Just letting you know.

[brhan]

"I cannot proof a conjecture by exhaustion because there are infinite numbers, and it is impossible to test all of them."

That was the sentence I was referring to. It's, "I cannot prove a conjecture...."

Just letting you know.

Ok, I got it now. Thanks once more for the correction, and I appreciate for your sincere comments.

[dinky]

Here is another way to look at this proof:

The proof requires bases. I will be working in base three (number set 0, 1, 2)
Here is a base 3 multiplication table (leaving out 0) 1*1=1, 1*2=2, 2*2=11.
So, any number divisible by 3 will end in 0 (base 3).
A prime number is not divisible by 3, so it will end in either 1 or 2.
When I square that prime number, it will end in 1, always. (see multiplication table).
So, I just need to add 2, or 3n+2 to the square to make it divisible by 3.

I can use 3n + 2 in the place of "26" to make this puzzle work. So that the addend is not obvious, n is even.

Therefore, the problem works for a*a+2 as well as a*a+38

However, this does not work for primes which are a multiple of 3. There is one. It is 3.
For that, we rely on 3*3 = 9. If the last number in 3n+2 ends in 6, then 9+6 ends in 5 which is divisible by 5.

Thus, the 2-digit numbers which work for a*a + K are

K=26, K=56, and K=86.

[Fred]

This is easier than it looks:
a*a + 26 is always an even number, so it is not a prime.

All prime number except 2 are odd numbers. So a*a will always be an even number. If you add 26 which is an even number, then a*a + 26 is even, then it is not prime.
If a = 2 then 2*2+26=30 which is not a prime

[brhan]

This is easier than it looks:
a*a + 26 is always an even number, so it is not a prime.

All prime number except 2 are odd numbers. So a*a will always be an even number. If you add 26 which is an even number, then a*a + 26 is even, then it is not prime.
If a = 2 then 2*2+26=30 which is not a prime

Nope!! that is not correct.
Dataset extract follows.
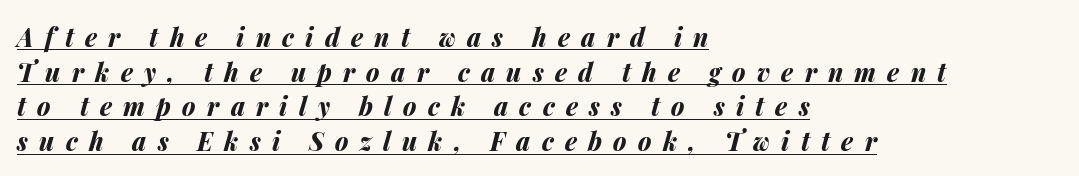
The image shows 25 px bold type, italic (leaning right); set left-aligned, normal line spacing (1.39x), unusually wide letter spacing (+0.45 em), underlined.

If 'a' is odd 'a*a' is always odd ... 3*3=9; 5*5=25; 7*7=49 etc.. If you add an even number to an odd number the result is odd -- unlike your statement.
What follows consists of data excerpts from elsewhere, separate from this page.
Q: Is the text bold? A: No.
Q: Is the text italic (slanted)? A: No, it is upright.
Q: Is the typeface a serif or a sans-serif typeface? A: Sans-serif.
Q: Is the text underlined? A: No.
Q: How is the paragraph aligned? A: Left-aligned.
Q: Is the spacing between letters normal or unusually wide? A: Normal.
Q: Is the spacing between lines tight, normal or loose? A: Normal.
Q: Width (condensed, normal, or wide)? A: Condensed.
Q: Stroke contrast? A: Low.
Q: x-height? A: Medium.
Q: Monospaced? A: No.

So, your proof method doesn't work.

[justme]

If "a" is a prime number, then prove, that a*a+26 is NOT a prime number (whether it is true).

With the exception of a=3, if a=prime number, then (a*a)+26 will always be divisible by 3. If a=3, the equation would still result in a non-prime number, it just would not be divisible by 3. Therefore the square of 'a' (which will not be prime) plus twenty six (which is not prime) results in a sum not prime.
Just a guess

Edited by justme, 11 April 2008 - 12:55 AM.

[Chuck]

Good granny...just use mod 3. It's a much simpler/shorter proof.
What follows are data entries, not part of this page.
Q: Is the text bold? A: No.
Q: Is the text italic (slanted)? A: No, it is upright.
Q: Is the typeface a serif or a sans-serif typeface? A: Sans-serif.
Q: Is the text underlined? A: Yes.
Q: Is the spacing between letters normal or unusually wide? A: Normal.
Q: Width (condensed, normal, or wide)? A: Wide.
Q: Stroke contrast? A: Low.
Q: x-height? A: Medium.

Since a is a prime, either

a) a = 1 (mod 3)
b) a = -1 (mod 3)

Then, a*a = a² = 1 (mod 3).

a² + 26 = 0 (mod 3), and is therefore divisible by 3 and not a prime.

QED

Edited by Chuck, 07 June 2008 - 03:42 AM.

[cmabb21]

If "a" is a prime number, then prove, that a*a+26 is NOT a prime number (whether it is true).

a few prime numbers- (2, 3, 5, 7, 11, 13, 17, 19, 23, 29, 31, 37, 41, 43, 47, 53, 59, 61, 67, 71, 73, 79, 83, 89, 97, 101, 103, 107, 109, 113, 127, 131, 137, 139)

2*2+26=30 - not prime
2*3+26=32 - not prime
2*5+26=36 - not prime

you can keep going though.. my guess is only a few will be prime (if any). if its not true all the time, then its not true.